** Exercise **
The stretch wanted below opens at the line containing "19.084C103.374 19.084 101.583" and closes at the line containing "102.958C15.918 102.958 17.709". Please return it exactly, with no other lines.

++++ Extracted records

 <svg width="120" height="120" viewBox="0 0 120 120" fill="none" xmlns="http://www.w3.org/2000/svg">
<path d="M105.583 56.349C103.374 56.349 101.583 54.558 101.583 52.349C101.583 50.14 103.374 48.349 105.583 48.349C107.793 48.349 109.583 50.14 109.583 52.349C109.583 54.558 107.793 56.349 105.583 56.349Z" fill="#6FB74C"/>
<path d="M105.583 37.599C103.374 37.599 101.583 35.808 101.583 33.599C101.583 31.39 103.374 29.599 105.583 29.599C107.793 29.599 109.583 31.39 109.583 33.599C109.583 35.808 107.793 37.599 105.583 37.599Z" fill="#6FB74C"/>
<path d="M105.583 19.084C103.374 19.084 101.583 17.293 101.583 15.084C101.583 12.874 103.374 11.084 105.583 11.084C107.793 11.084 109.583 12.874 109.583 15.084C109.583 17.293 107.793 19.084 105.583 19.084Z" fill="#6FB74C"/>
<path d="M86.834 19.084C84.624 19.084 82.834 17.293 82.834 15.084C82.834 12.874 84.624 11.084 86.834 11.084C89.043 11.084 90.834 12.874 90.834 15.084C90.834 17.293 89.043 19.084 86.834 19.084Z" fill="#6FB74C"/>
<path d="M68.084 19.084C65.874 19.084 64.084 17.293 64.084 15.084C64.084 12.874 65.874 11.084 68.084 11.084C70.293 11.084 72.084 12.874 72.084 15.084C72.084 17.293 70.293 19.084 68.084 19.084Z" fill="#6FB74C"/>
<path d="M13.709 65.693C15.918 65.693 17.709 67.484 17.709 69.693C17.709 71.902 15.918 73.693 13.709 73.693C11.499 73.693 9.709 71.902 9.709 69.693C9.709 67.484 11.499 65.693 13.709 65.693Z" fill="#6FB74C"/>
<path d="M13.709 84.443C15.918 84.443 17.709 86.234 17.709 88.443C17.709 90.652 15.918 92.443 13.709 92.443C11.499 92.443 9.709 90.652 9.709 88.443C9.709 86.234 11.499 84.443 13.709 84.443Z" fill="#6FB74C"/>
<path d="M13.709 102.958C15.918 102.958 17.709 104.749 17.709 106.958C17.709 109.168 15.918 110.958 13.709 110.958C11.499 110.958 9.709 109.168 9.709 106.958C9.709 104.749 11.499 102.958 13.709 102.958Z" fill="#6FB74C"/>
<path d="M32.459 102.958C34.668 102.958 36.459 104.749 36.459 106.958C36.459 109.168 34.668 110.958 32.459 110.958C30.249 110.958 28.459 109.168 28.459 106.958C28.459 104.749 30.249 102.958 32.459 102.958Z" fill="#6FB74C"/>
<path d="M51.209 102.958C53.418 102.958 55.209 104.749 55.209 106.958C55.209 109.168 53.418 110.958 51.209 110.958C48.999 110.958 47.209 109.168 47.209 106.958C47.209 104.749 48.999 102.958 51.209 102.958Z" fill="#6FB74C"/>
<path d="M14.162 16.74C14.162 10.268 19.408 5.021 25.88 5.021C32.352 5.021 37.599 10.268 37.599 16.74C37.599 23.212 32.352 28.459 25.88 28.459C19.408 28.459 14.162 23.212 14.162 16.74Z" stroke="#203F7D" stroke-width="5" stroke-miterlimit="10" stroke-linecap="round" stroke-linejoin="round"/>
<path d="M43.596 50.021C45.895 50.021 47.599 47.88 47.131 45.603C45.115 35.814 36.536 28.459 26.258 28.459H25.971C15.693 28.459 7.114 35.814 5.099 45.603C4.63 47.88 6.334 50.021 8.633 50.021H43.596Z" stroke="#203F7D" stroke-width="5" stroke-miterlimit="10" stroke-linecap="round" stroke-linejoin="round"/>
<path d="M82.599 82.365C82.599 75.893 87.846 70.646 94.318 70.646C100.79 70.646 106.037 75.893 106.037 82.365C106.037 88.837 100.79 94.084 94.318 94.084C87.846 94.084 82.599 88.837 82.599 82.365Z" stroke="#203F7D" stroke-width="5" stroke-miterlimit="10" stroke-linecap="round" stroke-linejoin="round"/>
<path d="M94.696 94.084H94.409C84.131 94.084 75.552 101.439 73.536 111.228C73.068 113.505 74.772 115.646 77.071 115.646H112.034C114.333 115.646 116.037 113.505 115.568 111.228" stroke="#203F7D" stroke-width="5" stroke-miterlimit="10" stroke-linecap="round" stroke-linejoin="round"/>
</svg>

++++++++

** Answer section **
<path d="M105.583 19.084C103.374 19.084 101.583 17.293 101.583 15.084C101.583 12.874 103.374 11.084 105.583 11.084C107.793 11.084 109.583 12.874 109.583 15.084C109.583 17.293 107.793 19.084 105.583 19.084Z" fill="#6FB74C"/>
<path d="M86.834 19.084C84.624 19.084 82.834 17.293 82.834 15.084C82.834 12.874 84.624 11.084 86.834 11.084C89.043 11.084 90.834 12.874 90.834 15.084C90.834 17.293 89.043 19.084 86.834 19.084Z" fill="#6FB74C"/>
<path d="M68.084 19.084C65.874 19.084 64.084 17.293 64.084 15.084C64.084 12.874 65.874 11.084 68.084 11.084C70.293 11.084 72.084 12.874 72.084 15.084C72.084 17.293 70.293 19.084 68.084 19.084Z" fill="#6FB74C"/>
<path d="M13.709 65.693C15.918 65.693 17.709 67.484 17.709 69.693C17.709 71.902 15.918 73.693 13.709 73.693C11.499 73.693 9.709 71.902 9.709 69.693C9.709 67.484 11.499 65.693 13.709 65.693Z" fill="#6FB74C"/>
<path d="M13.709 84.443C15.918 84.443 17.709 86.234 17.709 88.443C17.709 90.652 15.918 92.443 13.709 92.443C11.499 92.443 9.709 90.652 9.709 88.443C9.709 86.234 11.499 84.443 13.709 84.443Z" fill="#6FB74C"/>
<path d="M13.709 102.958C15.918 102.958 17.709 104.749 17.709 106.958C17.709 109.168 15.918 110.958 13.709 110.958C11.499 110.958 9.709 109.168 9.709 106.958C9.709 104.749 11.499 102.958 13.709 102.958Z" fill="#6FB74C"/>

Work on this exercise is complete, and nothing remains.